**GOAL OF THE EXERCISE**
Lines below containing the word "roll" should be copied out.

(Stored records)
++++++++++
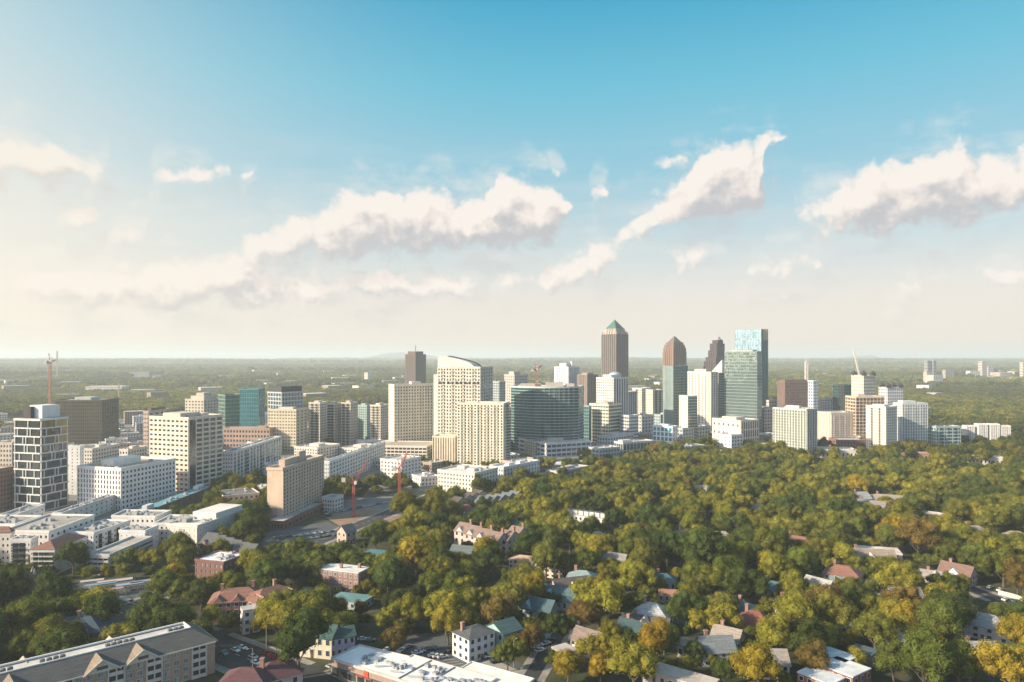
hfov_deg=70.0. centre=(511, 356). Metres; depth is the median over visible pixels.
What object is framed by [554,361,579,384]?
white ribbed tower
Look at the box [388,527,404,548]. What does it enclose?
broadleaf tree
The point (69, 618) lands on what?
brick cottage annex
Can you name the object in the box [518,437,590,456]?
office podium
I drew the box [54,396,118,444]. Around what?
glass block
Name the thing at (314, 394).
house
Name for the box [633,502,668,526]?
broadleaf tree
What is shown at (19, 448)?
window
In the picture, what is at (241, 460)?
blue striped block
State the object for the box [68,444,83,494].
white slab tower
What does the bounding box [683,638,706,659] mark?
broadleaf tree
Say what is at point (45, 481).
window
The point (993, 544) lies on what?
broadleaf tree
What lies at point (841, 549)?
broadleaf tree
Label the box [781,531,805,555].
blue red house
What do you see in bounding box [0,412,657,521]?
city block
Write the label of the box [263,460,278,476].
building
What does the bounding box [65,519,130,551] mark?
white apartment wing
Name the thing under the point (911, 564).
broadleaf tree
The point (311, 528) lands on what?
parking lot
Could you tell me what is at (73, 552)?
broadleaf tree
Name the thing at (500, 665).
parking lot
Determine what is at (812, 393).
pale blue slab
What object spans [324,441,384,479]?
bay midrise
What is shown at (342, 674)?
shop window
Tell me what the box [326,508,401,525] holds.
bare lot
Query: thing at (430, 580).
broadleaf tree
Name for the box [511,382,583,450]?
curved glass office
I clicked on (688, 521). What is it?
broadleaf tree
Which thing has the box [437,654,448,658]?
parked car
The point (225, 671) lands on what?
pavement
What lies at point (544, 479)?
broadleaf tree
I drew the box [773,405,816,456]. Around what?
green balcony condo
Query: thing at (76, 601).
broadleaf tree
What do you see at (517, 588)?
broadleaf tree
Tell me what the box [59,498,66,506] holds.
window
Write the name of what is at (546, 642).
parked car
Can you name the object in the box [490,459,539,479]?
cream midrise
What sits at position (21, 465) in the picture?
window
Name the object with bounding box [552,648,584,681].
broadleaf tree
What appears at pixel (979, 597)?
pavement
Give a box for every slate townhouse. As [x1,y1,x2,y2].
[197,532,221,553]
[205,534,228,546]
[221,537,235,540]
[228,539,244,545]
[231,541,250,551]
[239,542,264,552]
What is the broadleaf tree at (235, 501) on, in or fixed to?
on the ground
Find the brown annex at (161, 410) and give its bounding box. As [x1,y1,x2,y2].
[143,406,169,449]
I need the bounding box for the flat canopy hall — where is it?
[541,459,590,468]
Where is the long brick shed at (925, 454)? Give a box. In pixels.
[900,451,929,459]
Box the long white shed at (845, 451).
[816,446,857,457]
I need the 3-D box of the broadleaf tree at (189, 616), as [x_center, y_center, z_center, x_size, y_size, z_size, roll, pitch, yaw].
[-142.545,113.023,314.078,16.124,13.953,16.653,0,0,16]
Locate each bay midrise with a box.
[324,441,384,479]
[380,454,420,477]
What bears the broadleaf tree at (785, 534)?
on the ground
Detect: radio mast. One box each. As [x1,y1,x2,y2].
[56,351,57,375]
[805,359,807,379]
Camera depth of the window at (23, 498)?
569.32 m
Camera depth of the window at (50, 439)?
572.81 m
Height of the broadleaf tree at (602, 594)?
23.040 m
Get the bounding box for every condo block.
[308,400,327,442]
[326,401,340,444]
[341,400,357,445]
[358,403,370,438]
[370,403,388,439]
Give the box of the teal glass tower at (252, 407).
[239,388,264,426]
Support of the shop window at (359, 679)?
in the shop row at (356, 663)
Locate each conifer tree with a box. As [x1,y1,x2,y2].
[856,632,869,646]
[868,636,877,648]
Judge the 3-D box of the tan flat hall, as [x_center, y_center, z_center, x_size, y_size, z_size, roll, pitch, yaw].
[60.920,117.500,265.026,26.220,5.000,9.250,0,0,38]
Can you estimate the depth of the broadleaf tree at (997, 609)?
316.73 m
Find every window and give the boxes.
[16,420,27,427]
[16,437,21,443]
[16,445,23,451]
[16,470,21,476]
[16,478,23,484]
[18,429,26,435]
[18,462,26,468]
[18,495,26,501]
[20,453,31,460]
[20,486,31,493]
[27,437,33,443]
[27,470,33,477]
[28,446,34,452]
[28,479,34,485]
[29,421,39,427]
[31,429,39,435]
[31,462,39,469]
[31,495,39,502]
[34,454,39,460]
[34,487,39,493]
[35,438,39,444]
[35,471,39,477]
[42,420,54,427]
[42,445,48,452]
[42,453,50,460]
[42,478,48,485]
[42,486,50,493]
[45,436,53,443]
[45,469,53,476]
[45,501,53,509]
[47,427,59,434]
[47,460,59,467]
[47,492,59,500]
[54,443,61,450]
[54,475,61,482]
[56,419,66,425]
[56,451,62,458]
[56,483,62,490]
[59,434,66,441]
[59,466,66,473]
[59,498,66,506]
[61,426,66,433]
[61,458,66,465]
[61,490,66,497]
[87,675,92,680]
[97,672,103,677]
[127,672,132,678]
[137,669,142,675]
[164,662,169,668]
[164,671,169,676]
[183,657,188,663]
[183,665,188,671]
[183,674,188,679]
[325,650,329,656]
[332,668,338,676]
[340,671,346,678]
[349,674,355,681]
[357,676,363,681]
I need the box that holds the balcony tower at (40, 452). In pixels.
[13,404,68,510]
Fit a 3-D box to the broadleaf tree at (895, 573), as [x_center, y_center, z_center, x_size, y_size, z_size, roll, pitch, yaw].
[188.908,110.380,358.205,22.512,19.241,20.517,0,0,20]
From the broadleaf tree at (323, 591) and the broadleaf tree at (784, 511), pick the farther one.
the broadleaf tree at (784, 511)
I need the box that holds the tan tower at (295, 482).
[266,450,323,516]
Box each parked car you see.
[218,650,228,655]
[230,647,240,652]
[237,644,246,649]
[248,653,258,659]
[250,659,259,665]
[261,650,271,655]
[269,654,278,659]
[357,636,366,640]
[365,637,375,641]
[396,647,404,652]
[403,644,412,648]
[411,649,422,653]
[423,646,434,651]
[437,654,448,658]
[444,648,451,653]
[490,658,500,663]
[534,647,545,652]
[541,640,551,645]
[546,637,556,640]
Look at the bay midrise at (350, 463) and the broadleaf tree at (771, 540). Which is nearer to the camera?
the broadleaf tree at (771, 540)
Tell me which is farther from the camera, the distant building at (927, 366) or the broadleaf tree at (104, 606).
the distant building at (927, 366)
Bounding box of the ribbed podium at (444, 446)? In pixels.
[432,434,456,464]
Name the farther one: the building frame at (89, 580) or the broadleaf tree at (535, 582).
the building frame at (89, 580)
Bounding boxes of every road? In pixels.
[71,583,345,681]
[132,536,317,604]
[308,495,424,544]
[524,617,565,681]
[969,586,1012,603]
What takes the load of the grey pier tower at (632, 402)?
on the ground
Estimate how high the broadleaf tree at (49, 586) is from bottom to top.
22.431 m
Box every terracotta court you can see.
[207,580,261,622]
[245,578,299,604]
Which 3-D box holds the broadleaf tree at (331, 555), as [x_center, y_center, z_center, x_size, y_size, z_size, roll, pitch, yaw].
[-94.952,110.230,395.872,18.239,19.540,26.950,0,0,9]
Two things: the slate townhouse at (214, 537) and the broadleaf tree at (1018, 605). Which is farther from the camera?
the slate townhouse at (214, 537)
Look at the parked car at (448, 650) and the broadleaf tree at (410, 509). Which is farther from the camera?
the broadleaf tree at (410, 509)
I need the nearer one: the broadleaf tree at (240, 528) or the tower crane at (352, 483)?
the broadleaf tree at (240, 528)
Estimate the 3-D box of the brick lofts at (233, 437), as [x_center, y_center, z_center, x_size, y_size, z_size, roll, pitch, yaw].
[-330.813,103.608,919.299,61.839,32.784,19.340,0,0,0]
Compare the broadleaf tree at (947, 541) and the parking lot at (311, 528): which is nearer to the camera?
the broadleaf tree at (947, 541)
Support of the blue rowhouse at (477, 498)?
on the ground
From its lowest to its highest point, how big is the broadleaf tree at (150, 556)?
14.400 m
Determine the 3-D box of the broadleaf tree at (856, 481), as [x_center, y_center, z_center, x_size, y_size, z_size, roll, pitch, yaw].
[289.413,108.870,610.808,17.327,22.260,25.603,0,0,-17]
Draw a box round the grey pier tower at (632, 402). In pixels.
[628,391,636,413]
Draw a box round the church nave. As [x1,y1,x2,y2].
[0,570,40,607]
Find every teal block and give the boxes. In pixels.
[679,395,697,439]
[832,384,850,410]
[928,425,960,445]
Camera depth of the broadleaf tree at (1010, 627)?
288.81 m
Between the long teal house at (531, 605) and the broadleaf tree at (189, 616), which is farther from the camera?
the long teal house at (531, 605)
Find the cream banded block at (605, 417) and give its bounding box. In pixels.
[589,402,621,441]
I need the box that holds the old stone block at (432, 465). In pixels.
[421,459,448,471]
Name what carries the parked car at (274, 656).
on the road at (231, 659)
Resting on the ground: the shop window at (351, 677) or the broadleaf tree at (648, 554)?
the broadleaf tree at (648, 554)
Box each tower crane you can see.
[43,353,55,403]
[341,460,368,516]
[392,453,407,491]
[531,364,541,385]
[853,350,860,374]
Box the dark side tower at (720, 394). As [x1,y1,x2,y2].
[718,372,723,416]
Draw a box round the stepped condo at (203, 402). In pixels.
[185,392,217,413]
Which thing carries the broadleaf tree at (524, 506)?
on the ground
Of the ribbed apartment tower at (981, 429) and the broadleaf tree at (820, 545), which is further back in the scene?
the ribbed apartment tower at (981, 429)
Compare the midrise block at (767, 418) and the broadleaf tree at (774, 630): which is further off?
the midrise block at (767, 418)
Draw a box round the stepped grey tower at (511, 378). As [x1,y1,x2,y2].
[504,371,527,405]
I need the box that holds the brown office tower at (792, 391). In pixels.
[777,379,807,407]
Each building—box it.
[0,412,7,421]
[0,432,13,440]
[0,622,217,681]
[1,425,13,432]
[80,444,96,447]
[105,437,127,442]
[107,441,130,448]
[119,422,124,428]
[121,429,132,431]
[121,432,138,438]
[124,410,143,424]
[127,439,140,441]
[130,440,142,445]
[133,414,142,426]
[135,422,142,434]
[219,487,259,501]
[257,483,266,489]
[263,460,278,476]
[265,413,267,422]
[335,592,373,609]
[356,438,381,443]
[364,372,371,378]
[412,472,437,486]
[510,452,519,458]
[525,439,548,455]
[531,455,556,459]
[638,431,650,438]
[647,433,652,439]
[683,443,705,448]
[759,432,772,441]
[923,372,932,381]
[924,361,930,371]
[927,375,942,380]
[931,361,935,374]
[941,370,953,382]
[966,371,978,376]
[978,361,986,376]
[987,367,992,376]
[990,372,1009,376]
[1020,362,1023,376]
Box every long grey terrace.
[0,504,44,515]
[52,494,113,516]
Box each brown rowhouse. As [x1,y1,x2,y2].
[449,496,468,503]
[460,494,474,507]
[465,491,479,498]
[472,489,488,495]
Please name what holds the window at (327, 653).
in the cream gable house at (323, 649)
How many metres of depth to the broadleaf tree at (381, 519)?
464.90 m
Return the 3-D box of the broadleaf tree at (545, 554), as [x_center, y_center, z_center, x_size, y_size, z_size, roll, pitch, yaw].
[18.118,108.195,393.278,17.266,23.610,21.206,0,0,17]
++++++++++
**RESULT BELOW**
I need the 3-D box of the broadleaf tree at (189, 616), as [x_center, y_center, z_center, x_size, y_size, z_size, roll, pitch, yaw].
Judge the 3-D box of the tan flat hall, as [x_center, y_center, z_center, x_size, y_size, z_size, roll, pitch, yaw].
Fit a 3-D box to the broadleaf tree at (895, 573), as [x_center, y_center, z_center, x_size, y_size, z_size, roll, pitch, yaw].
Which 3-D box holds the broadleaf tree at (331, 555), as [x_center, y_center, z_center, x_size, y_size, z_size, roll, pitch, yaw].
Estimate the 3-D box of the brick lofts at (233, 437), as [x_center, y_center, z_center, x_size, y_size, z_size, roll, pitch, yaw].
Determine the 3-D box of the broadleaf tree at (856, 481), as [x_center, y_center, z_center, x_size, y_size, z_size, roll, pitch, yaw].
Return the 3-D box of the broadleaf tree at (545, 554), as [x_center, y_center, z_center, x_size, y_size, z_size, roll, pitch, yaw].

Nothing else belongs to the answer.